Excerpts from a dataset:
##########
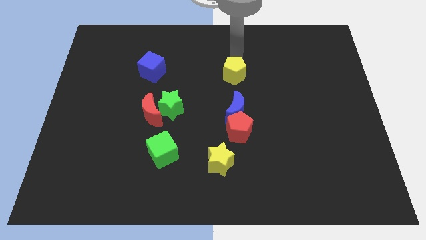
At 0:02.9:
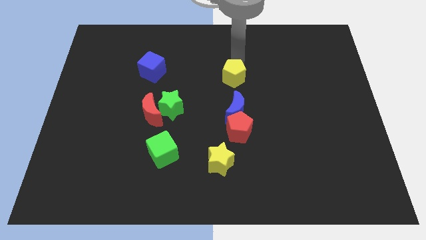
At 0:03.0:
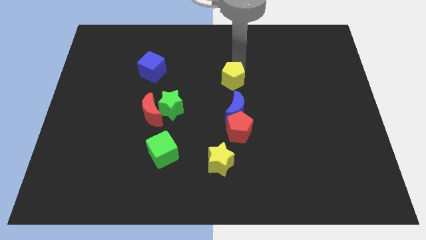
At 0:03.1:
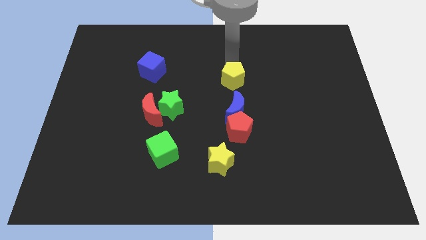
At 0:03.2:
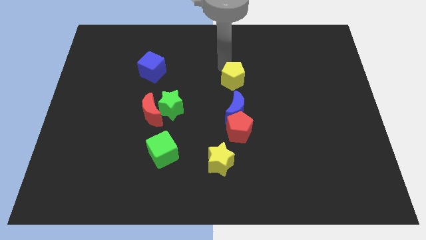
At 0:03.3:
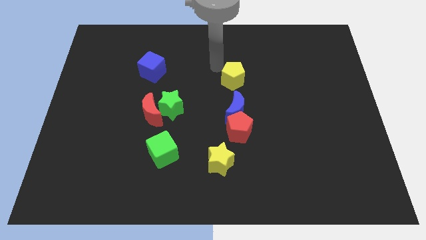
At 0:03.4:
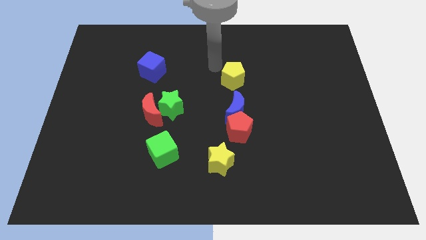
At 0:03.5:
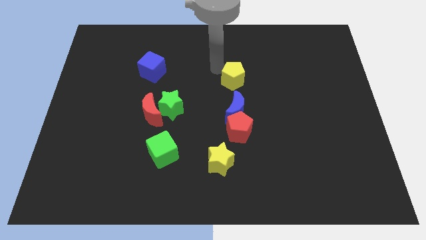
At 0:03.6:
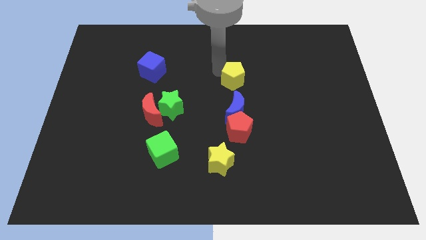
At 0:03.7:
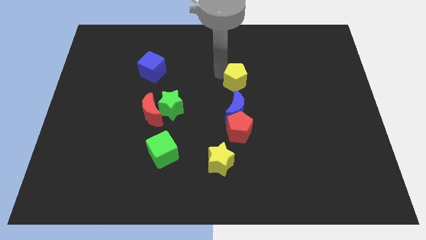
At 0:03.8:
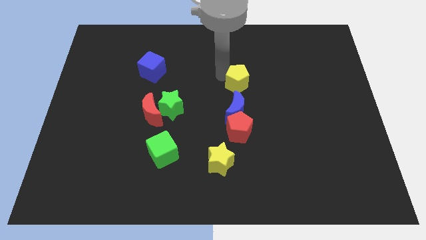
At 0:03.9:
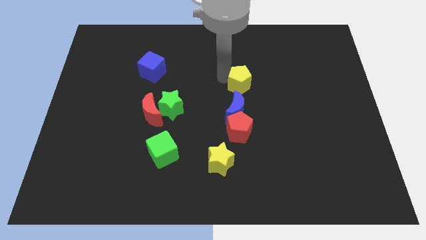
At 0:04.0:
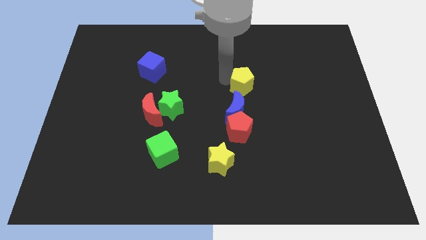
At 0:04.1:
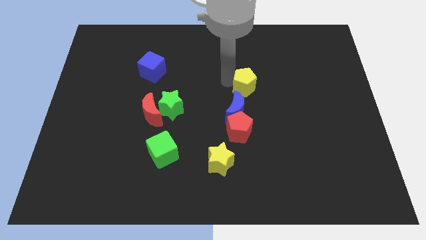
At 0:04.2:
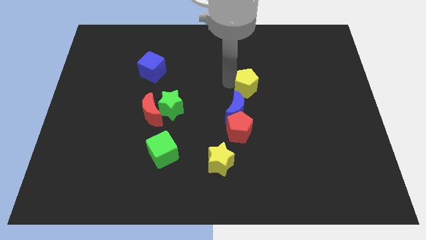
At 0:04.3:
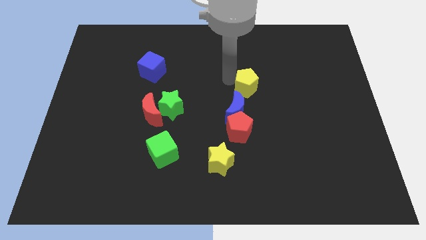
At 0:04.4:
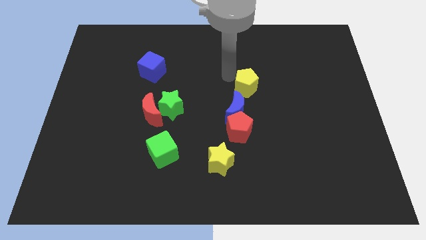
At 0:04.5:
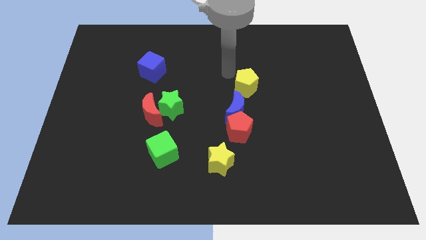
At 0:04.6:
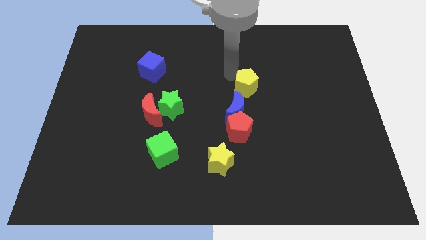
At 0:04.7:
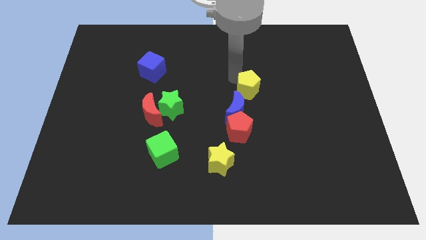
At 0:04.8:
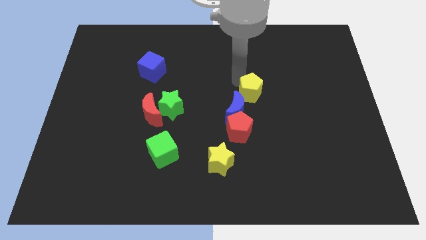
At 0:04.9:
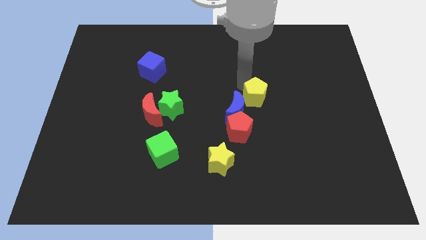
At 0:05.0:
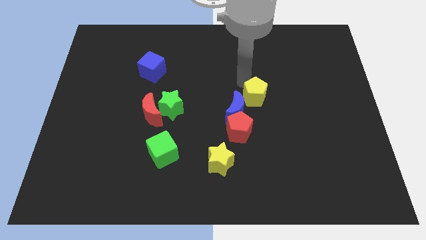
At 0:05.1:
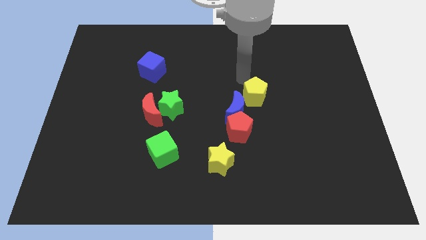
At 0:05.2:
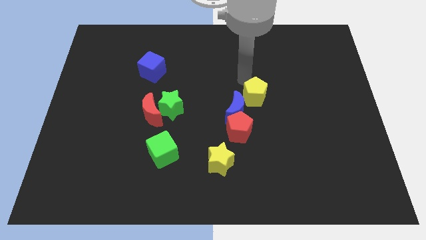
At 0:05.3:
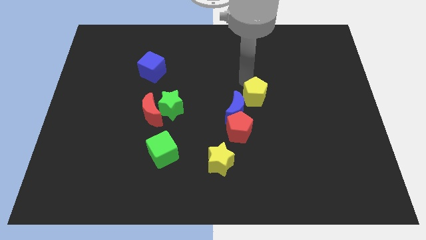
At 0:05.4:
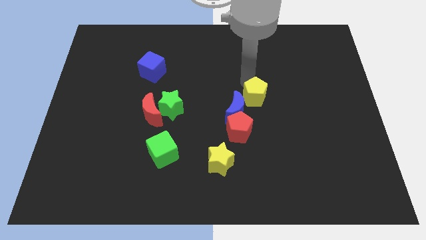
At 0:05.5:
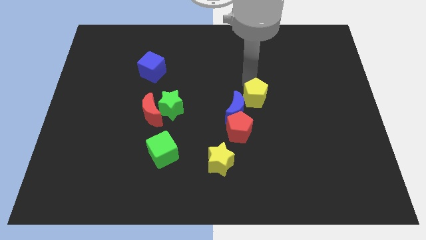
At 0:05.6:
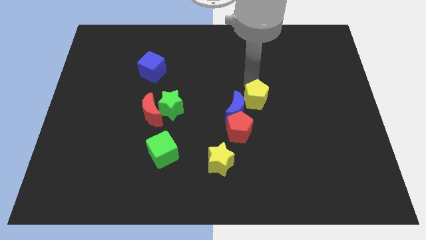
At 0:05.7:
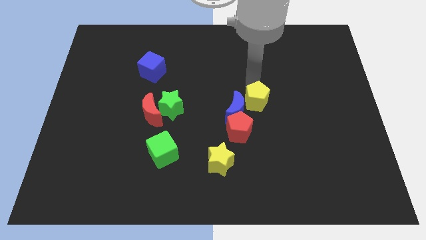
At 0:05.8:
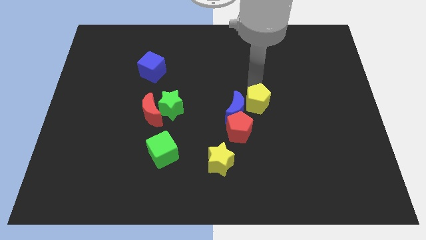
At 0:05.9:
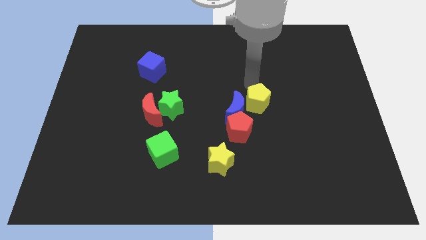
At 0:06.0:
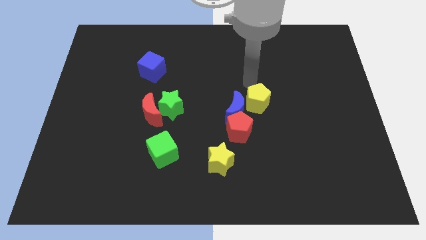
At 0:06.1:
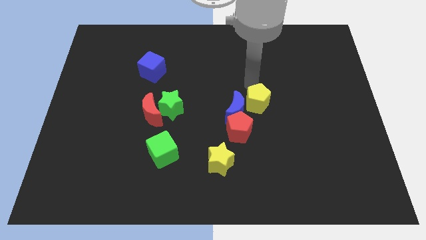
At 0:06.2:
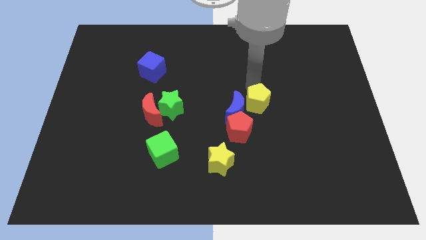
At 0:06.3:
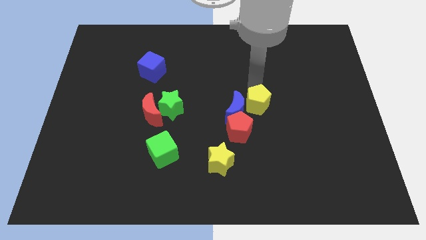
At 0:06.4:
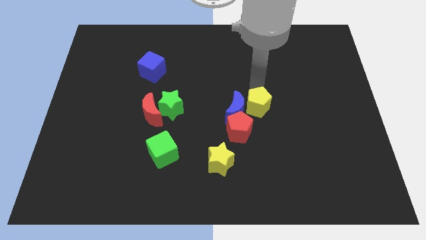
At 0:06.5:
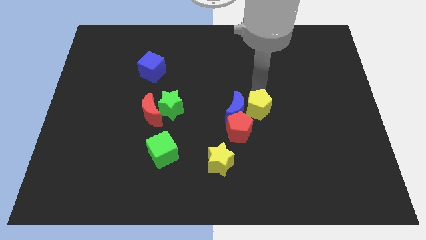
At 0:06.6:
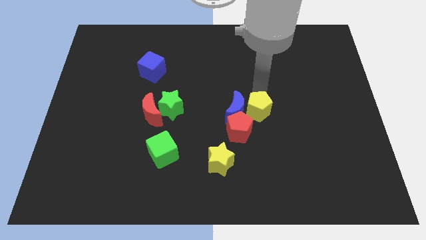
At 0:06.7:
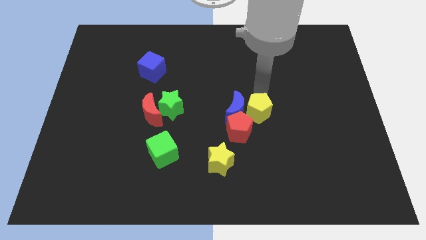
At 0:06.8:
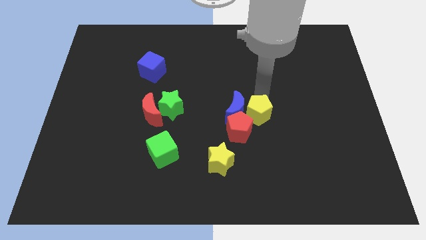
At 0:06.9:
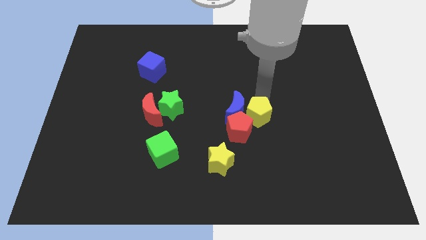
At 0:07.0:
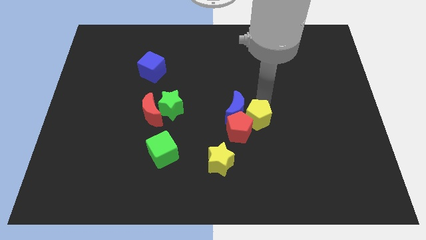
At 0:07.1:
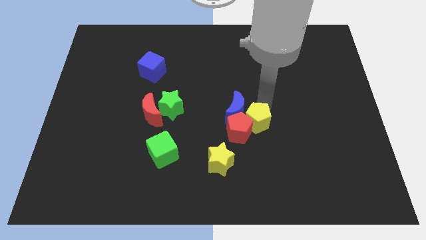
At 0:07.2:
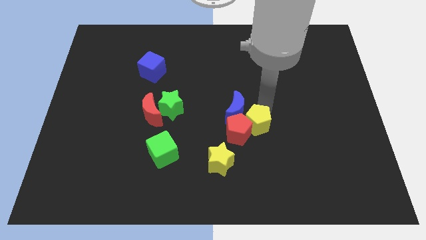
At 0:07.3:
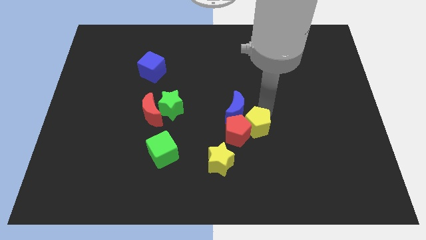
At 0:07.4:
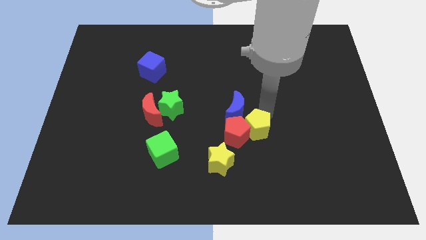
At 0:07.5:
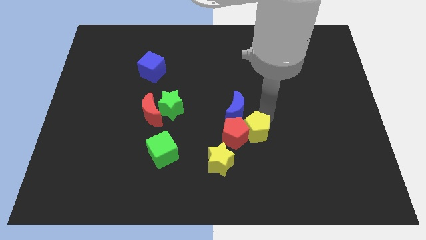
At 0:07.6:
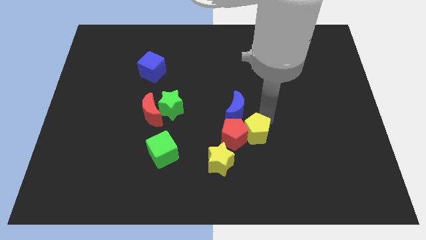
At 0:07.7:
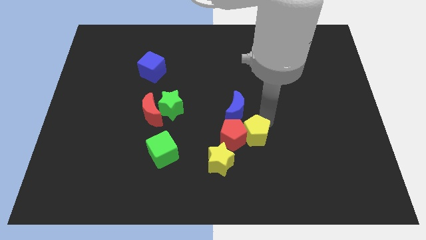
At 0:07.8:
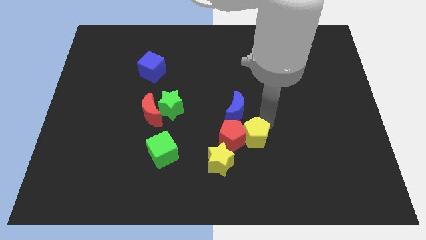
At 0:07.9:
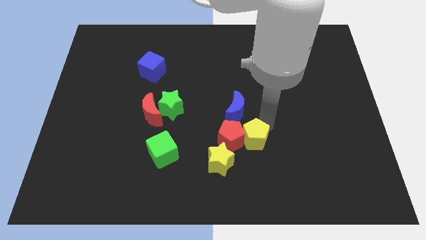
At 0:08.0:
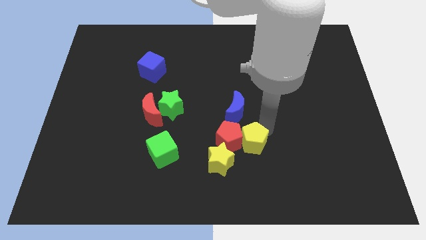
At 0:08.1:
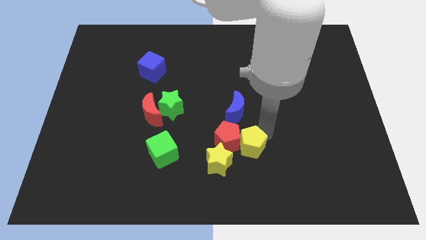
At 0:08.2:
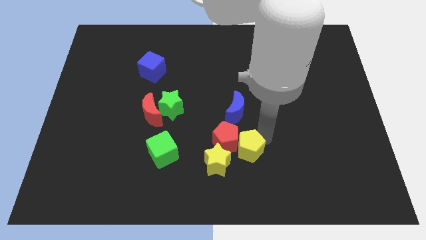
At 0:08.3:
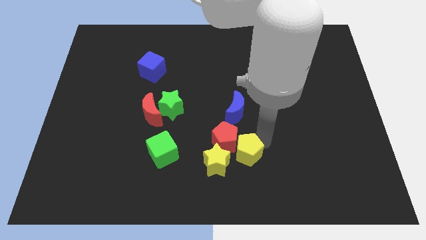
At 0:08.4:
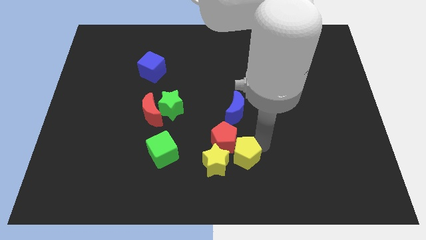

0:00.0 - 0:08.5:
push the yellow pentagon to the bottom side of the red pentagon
##########
(REQUIRED ACTION): Without the images, write out all of the records exactly.

(RESULT OF THE EXERCISE):
At 0:02.9:
At 0:03.0:
At 0:03.1:
At 0:03.2:
At 0:03.3:
At 0:03.4:
At 0:03.5:
At 0:03.6:
At 0:03.7:
At 0:03.8:
At 0:03.9:
At 0:04.0:
At 0:04.1:
At 0:04.2:
At 0:04.3:
At 0:04.4:
At 0:04.5:
At 0:04.6:
At 0:04.7:
At 0:04.8:
At 0:04.9:
At 0:05.0:
At 0:05.1:
At 0:05.2:
At 0:05.3:
At 0:05.4:
At 0:05.5:
At 0:05.6:
At 0:05.7:
At 0:05.8:
At 0:05.9:
At 0:06.0:
At 0:06.1:
At 0:06.2:
At 0:06.3:
At 0:06.4:
At 0:06.5:
At 0:06.6:
At 0:06.7:
At 0:06.8:
At 0:06.9:
At 0:07.0:
At 0:07.1:
At 0:07.2:
At 0:07.3:
At 0:07.4:
At 0:07.5:
At 0:07.6:
At 0:07.7:
At 0:07.8:
At 0:07.9:
At 0:08.0:
At 0:08.1:
At 0:08.2:
At 0:08.3:
At 0:08.4:

0:00.0 - 0:08.5:
push the yellow pentagon to the bottom side of the red pentagon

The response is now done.